Seul votre médecin traitant est habilité à vous conseiller au mieux sur les choix à prendre.
Autres risques médicaux
Nous ne ferons que rappeler la fréquence du virus du
Sida et des maladies sexuellement transmissibles dans les différents pays traversés et que les règles qui s'appliquent dans votre pays y sont bien évidemment également valables.
La déshydratation
Elle survient insidieusement, participe grandement à la fatigue et peut être responsable d'incidents désagréables telles les coliques néphrétiques.
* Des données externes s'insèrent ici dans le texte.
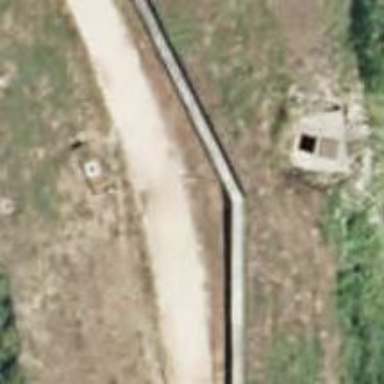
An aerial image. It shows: Wall barrier.
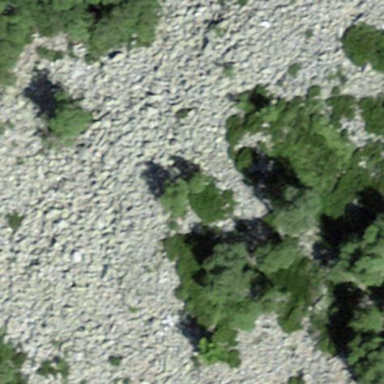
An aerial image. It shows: Natural scree.

Nous perdons par la peau de l'eau mais également des sels (en particulier, du Nacl ou sel de cuisine).
Il y a donc lieu :
- de vérifier ses réserves d'eau et de les compléter chaque fois que possible,
- de boire de l'eau, mais également de manger les rations qui vous sont données le matin,
- ou de boire des produits spécialement préparés.
Un bon moyen de surveillance :
les urines doivent restées claires.
Les plaies et brûlures
Elles doivent être désinfectées et couvertes par un pansement en attendant les soins appropriés.
D'oú l'intérêt de posséder une pharmacie minimale :
- un désinfectant,
- quelques compresses,
- un bandage,
- de l'adhésif,
- et quelques comprimés anti-diarrhéiques
Sachez que ces informations, qui n'ont bien évidemment pas pour but de vous inquiéter, vous sont communiquées à titre préventif afin que vous puissiez vous protéger efficacement et passer ainsi d'excellents moments sur le Dakar.